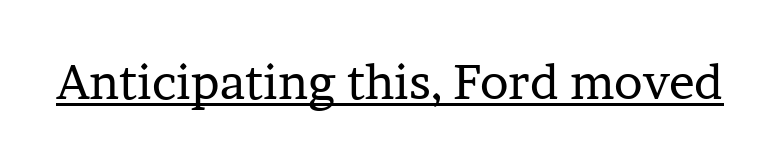
Serif or sans? Serif — the stroke terminals have little feet. Does the lettering tilt? It doesn't — this is upright. Here the glyphs are tracked normally, forming tight word shapes. The specimen includes a rule beneath the text block's lines.
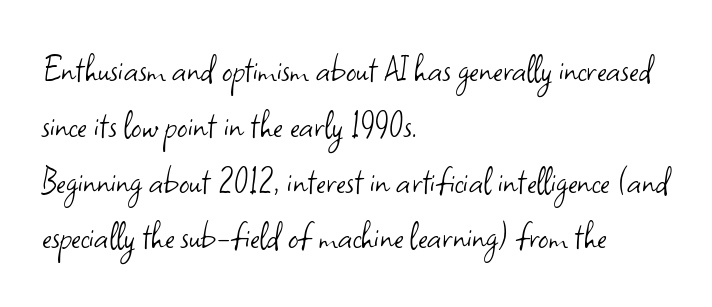
The image shows 41 px light sans-serif type; set left-aligned, normal line spacing (1.36x), normal letter spacing, not underlined; low stroke contrast and a small x-height.
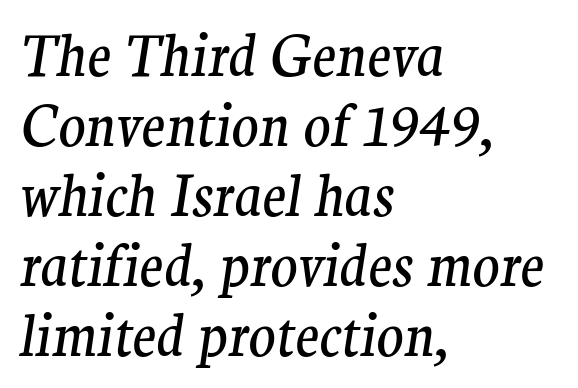
Q: Is the text bold? A: No.
Q: Is the text italic (slanted)? A: Yes, it leans right by about 9 degrees.
Q: Is the typeface a serif or a sans-serif typeface? A: Serif.
Q: Is the text underlined? A: No.
Q: How is the paragraph aligned? A: Left-aligned.
Q: Is the spacing between letters normal or unusually wide? A: Normal.
Q: Is the spacing between lines tight, normal or loose? A: Normal.
Q: Width (condensed, normal, or wide)? A: Normal.
Q: Stroke contrast? A: Medium.
Q: x-height? A: Medium.
Q: Monospaced? A: No.
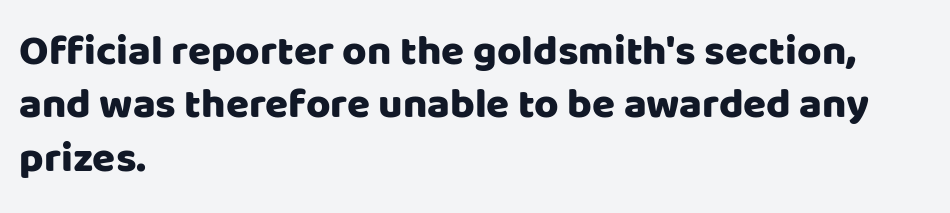
{"serif": "no", "italic": "no", "width": "normal", "stroke_contrast": "low", "x_height": "large", "monospaced": "no", "underline": "no", "align": "left", "line_spacing": "normal", "line_spacing_ratio": 1.27, "letter_spacing": "normal", "letter_spacing_em": 0.0, "glyph_px": 42}
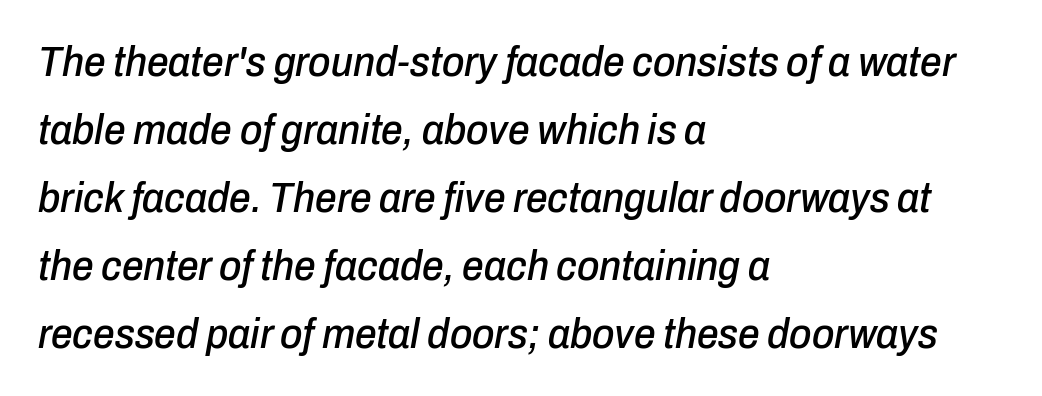
A typesetter would call this proportional, since set widths differ per character. The passage shown stacks its lines at a standard gap. How are the letters spaced? Ordinarily, with no added tracking. An italicized treatment has been applied to the whole sample. Does the copy run flush right? No — it runs flush left.
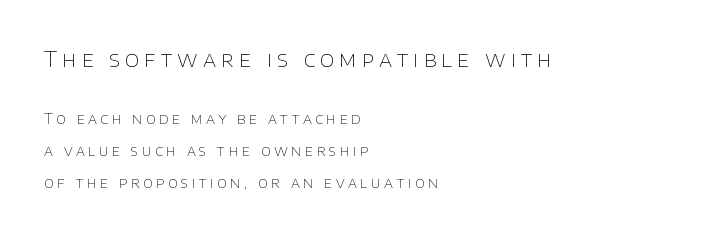
Unlike italic type, these characters show no tilt at all. Whoever set this made the first block the dominant, larger element. Line starts are locked; line ends wander. Honestly, the letter spacing is so wide it's the main thing you notice.
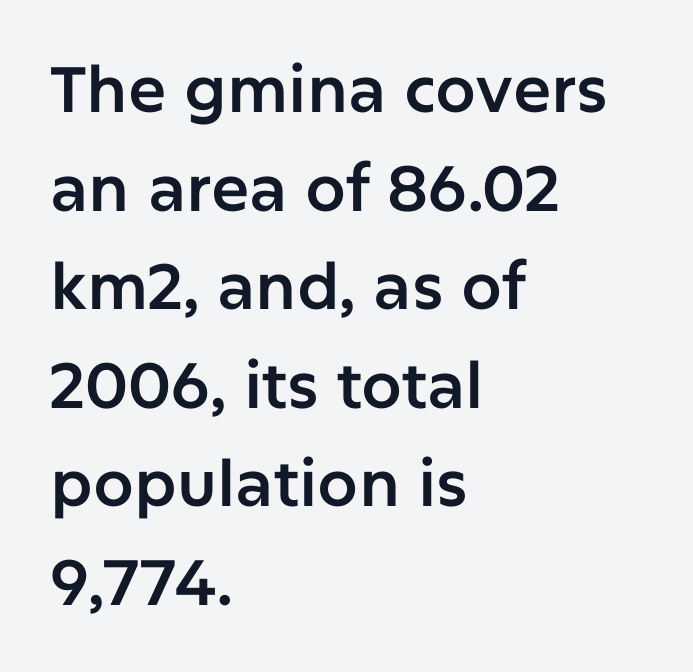
Underline: absent. Posture: straight, roman, zero tilt. Rows of type keep a routine distance in the vertical direction. Look at the tracking — it's just the regular setting, nothing added. A student would call this left alignment; a typographer would say flush left, rag right.
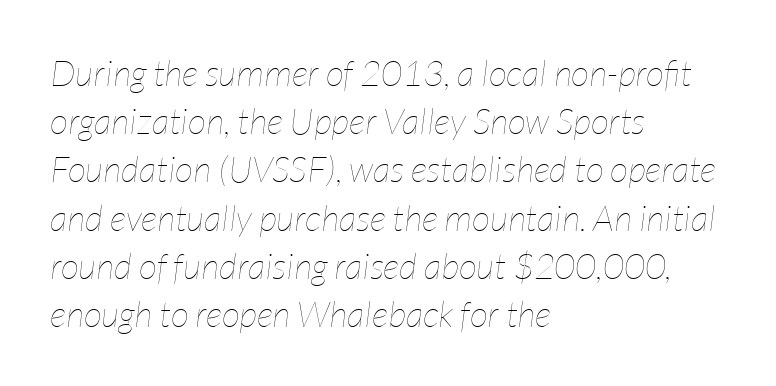
The image shows 36 px thin, condensed type, italic (leaning right); set left-aligned, normal line spacing (1.34x), normal letter spacing, not underlined; low stroke contrast and a medium x-height.
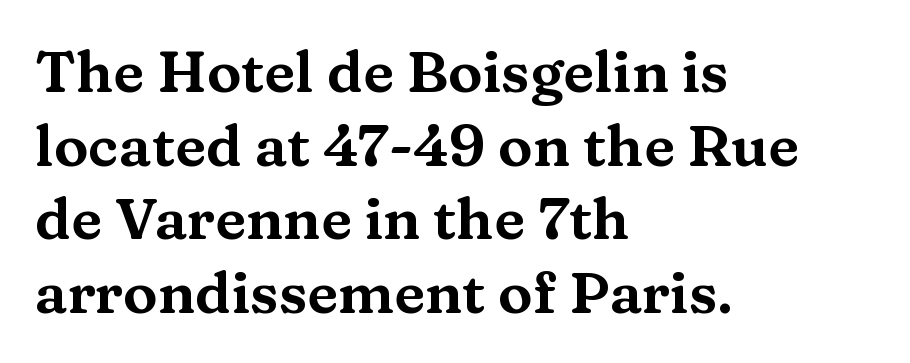
The image shows 58 px wide serif type, upright; set left-aligned, normal line spacing (1.27x), normal letter spacing, not underlined; medium stroke contrast and a medium x-height.
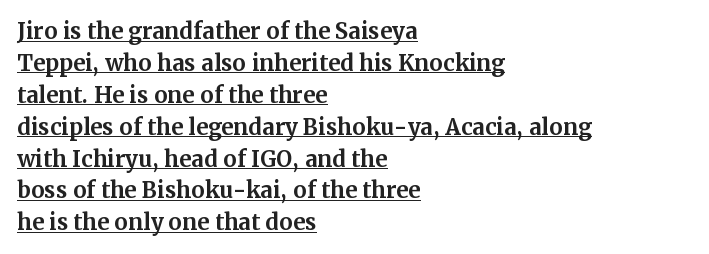
{"italic": "no", "bold": "yes", "underline": "yes", "align": "left", "line_spacing": "normal", "line_spacing_ratio": 1.45, "letter_spacing": "normal", "letter_spacing_em": 0.0, "glyph_px": 22}
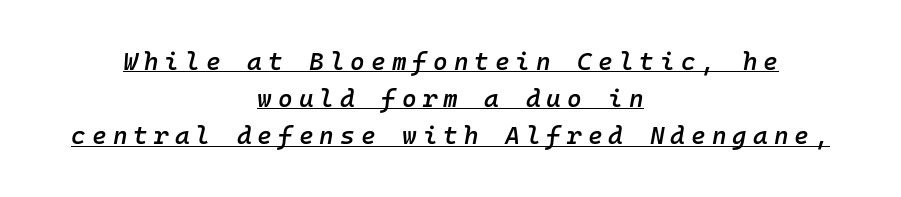
{"italic": "yes", "lean": "right", "slant_degrees": 10, "bold": "semi", "underline": "yes", "align": "center", "line_spacing": "normal", "line_spacing_ratio": 1.49, "letter_spacing": "wide", "letter_spacing_em": 0.24, "glyph_px": 25}
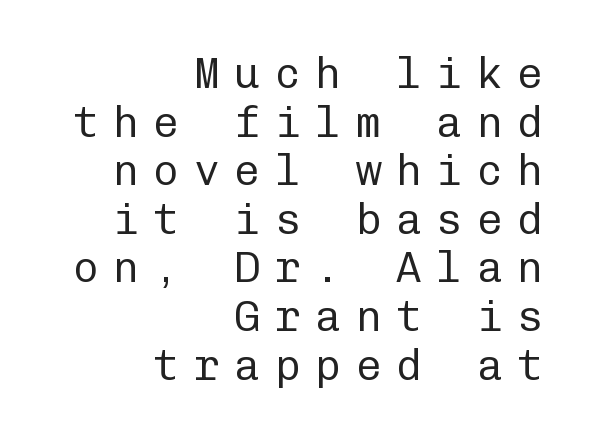
Q: Is the text bold? A: No.
Q: Is the text italic (slanted)? A: No, it is upright.
Q: Is the typeface a serif or a sans-serif typeface? A: Sans-serif.
Q: Is the text underlined? A: No.
Q: How is the paragraph aligned? A: Right-aligned.
Q: Is the spacing between letters normal or unusually wide? A: Unusually wide.
Q: Is the spacing between lines tight, normal or loose? A: Tight.
Q: Width (condensed, normal, or wide)? A: Normal.
Q: Stroke contrast? A: Low.
Q: x-height? A: Medium.
Q: Monospaced? A: Yes.

## PROBLEM
Word for word, repeat the material above and drop the pictures.

## TASK SOLUTION
Serif or sans? Serif — the stroke terminals have little feet. Does the lettering tilt? It doesn't — this is upright. Here the glyphs are tracked normally, forming tight word shapes. The specimen includes a rule beneath the text block's lines.
The image shows 41 px light sans-serif type; set left-aligned, normal line spacing (1.36x), normal letter spacing, not underlined; low stroke contrast and a small x-height.
Q: Is the text bold? A: No.
Q: Is the text italic (slanted)? A: Yes, it leans right by about 9 degrees.
Q: Is the typeface a serif or a sans-serif typeface? A: Serif.
Q: Is the text underlined? A: No.
Q: How is the paragraph aligned? A: Left-aligned.
Q: Is the spacing between letters normal or unusually wide? A: Normal.
Q: Is the spacing between lines tight, normal or loose? A: Normal.
Q: Width (condensed, normal, or wide)? A: Normal.
Q: Stroke contrast? A: Medium.
Q: x-height? A: Medium.
Q: Monospaced? A: No.
{"serif": "no", "italic": "no", "width": "normal", "stroke_contrast": "low", "x_height": "large", "monospaced": "no", "underline": "no", "align": "left", "line_spacing": "normal", "line_spacing_ratio": 1.27, "letter_spacing": "normal", "letter_spacing_em": 0.0, "glyph_px": 42}
A typesetter would call this proportional, since set widths differ per character. The passage shown stacks its lines at a standard gap. How are the letters spaced? Ordinarily, with no added tracking. An italicized treatment has been applied to the whole sample. Does the copy run flush right? No — it runs flush left.
Unlike italic type, these characters show no tilt at all. Whoever set this made the first block the dominant, larger element. Line starts are locked; line ends wander. Honestly, the letter spacing is so wide it's the main thing you notice.
Underline: absent. Posture: straight, roman, zero tilt. Rows of type keep a routine distance in the vertical direction. Look at the tracking — it's just the regular setting, nothing added. A student would call this left alignment; a typographer would say flush left, rag right.
The image shows 36 px thin, condensed type, italic (leaning right); set left-aligned, normal line spacing (1.34x), normal letter spacing, not underlined; low stroke contrast and a medium x-height.
The image shows 58 px wide serif type, upright; set left-aligned, normal line spacing (1.27x), normal letter spacing, not underlined; medium stroke contrast and a medium x-height.
{"italic": "no", "bold": "yes", "underline": "yes", "align": "left", "line_spacing": "normal", "line_spacing_ratio": 1.45, "letter_spacing": "normal", "letter_spacing_em": 0.0, "glyph_px": 22}
{"italic": "yes", "lean": "right", "slant_degrees": 10, "bold": "semi", "underline": "yes", "align": "center", "line_spacing": "normal", "line_spacing_ratio": 1.49, "letter_spacing": "wide", "letter_spacing_em": 0.24, "glyph_px": 25}
Q: Is the text bold? A: No.
Q: Is the text italic (slanted)? A: No, it is upright.
Q: Is the typeface a serif or a sans-serif typeface? A: Sans-serif.
Q: Is the text underlined? A: No.
Q: How is the paragraph aligned? A: Right-aligned.
Q: Is the spacing between letters normal or unusually wide? A: Unusually wide.
Q: Is the spacing between lines tight, normal or loose? A: Tight.
Q: Width (condensed, normal, or wide)? A: Normal.
Q: Stroke contrast? A: Low.
Q: x-height? A: Medium.
Q: Monospaced? A: Yes.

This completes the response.